For Spray, this feels like a realistic product path: start by helping climbers see movement more clearly through pose overlays, trajectories, frame-by-frame comparison, and structured observations. From there, the system can move toward evaluation and coaching.
The question becomes:
How can movement metrics be evaluated in context so they produce feedback specific enough to change the climber’s next attempt?
I think the answer requires computer vision, expert annotation, and an intuitive user interface.
Q4: Could this eventually become a virtual climber?
The final layer is simulation. This is the most ambitious direction, and probably not the right starting point, but it is useful as a long-term research horizon.
The reinforcement learning version of the question is:
Given a climber’s body and a 3D problem, what movement strategy could solve this climb?

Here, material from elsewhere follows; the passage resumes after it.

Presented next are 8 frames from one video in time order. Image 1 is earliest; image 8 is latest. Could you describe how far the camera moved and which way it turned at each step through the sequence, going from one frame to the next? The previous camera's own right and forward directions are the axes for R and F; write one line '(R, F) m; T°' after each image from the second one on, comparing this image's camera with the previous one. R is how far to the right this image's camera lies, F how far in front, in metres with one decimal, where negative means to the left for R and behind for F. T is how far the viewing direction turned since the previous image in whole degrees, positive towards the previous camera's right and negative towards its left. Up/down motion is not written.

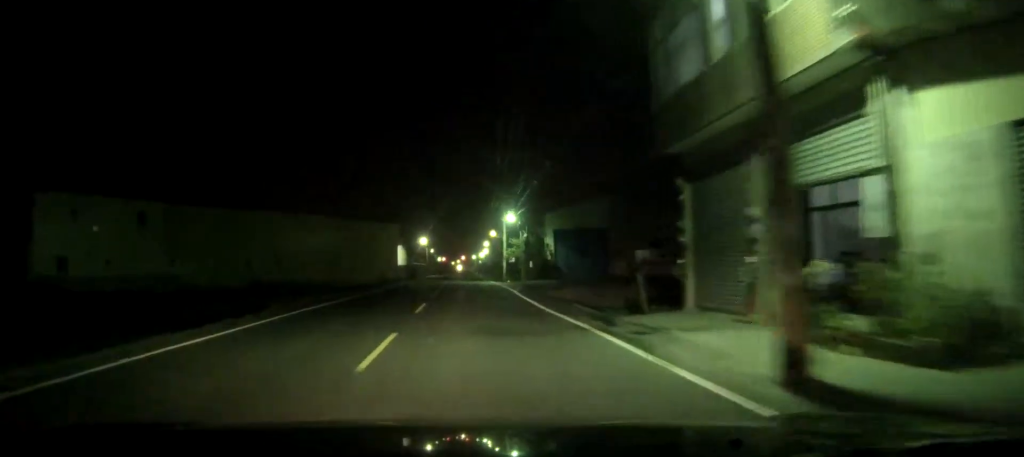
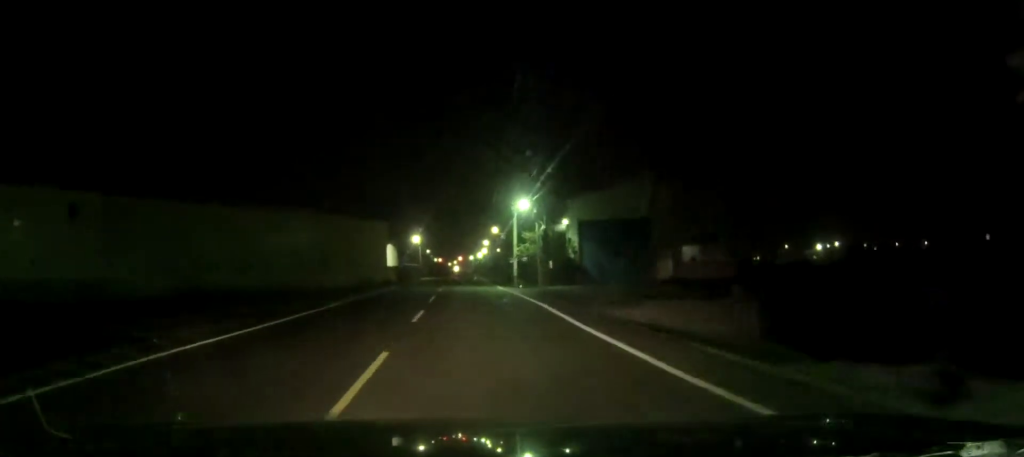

This is different from the coaching question:
Given a video of a climber attempting a problem, what are they doing well or poorly, and what should they change?
A simulation system would require a virtual climber, a reconstructed problem, and a model of physical constraints: wall geometry, hold properties, body dimensions, contact points, gravity, momentum, and failure conditions. In theory, a reinforcement learning environment could allow the virtual climber to try many possible movement strategies and discover one or more feasible betas.
There are adjacent projects that make this direction feel conceptually possible, even if climbing itself is much more complex. Researchers at Stanford have explored musculoskeletal modeling through tools like OpenSim/OpenCap, which can estimate how muscles are used during human movement. On the experimental side, videos from creators like AI Warehouse show virtual agents learning to solve simple movement tasks, and environments such as OpenAI Gym provide a framework for training agents through rewards and penalties.
Climbing, however, is much harder than many toy control problems. The contact surface is irregular. Holds vary in texture, shape, and orientation. Friction depends on force, skin, chalk, sweat, and contact angle. The same move may require different beta depending on the climber’s body. We would need to define the granularity of each of these attributes in order to iteratively derive a workable RL setup.
There is also rarely a single optimal solution; many problems support multiple valid movement strategies. And that is part of what makes climbing interesting.
Right now, the more realistic path is to build the lower layers first:
- pose and trajectory analysis
- movement metrics
- expert-labeled evaluation
- coaching feedback
- structured movement dataset
- simulation or reinforcement learning later
In this framing, coaching analysis may eventually become the foundation for simulation. If we can understand how expert coaches evaluate movement, those evaluations could help define rewards, penalties, constraints, or priors for a virtual climber agent.
Writing this down clarified the shape of the problem for me, and I’m really glad we had that conversation. What I am most curious about now is where Tim would draw the lines differently: which metrics he thinks matter most, and what a system would need to catch before he would actually trust it as a coaching tool.
Tim has also shared many tips and insights through his episodes on Testpiece. I think there may be something interesting to explore there too: if those conversations were transcribed, we could study which movement concepts, training themes, and coaching patterns come up most often.
I remember Tim shared something along the lines of: many great climbers climb by instinct, and they may not always be able to identify exactly what makes them succeed on certain moves. That idea really stuck with me. Hopefully, we can eventually build a system that helps translate the experience of great climbers and coaches into tailored coaching for everyone.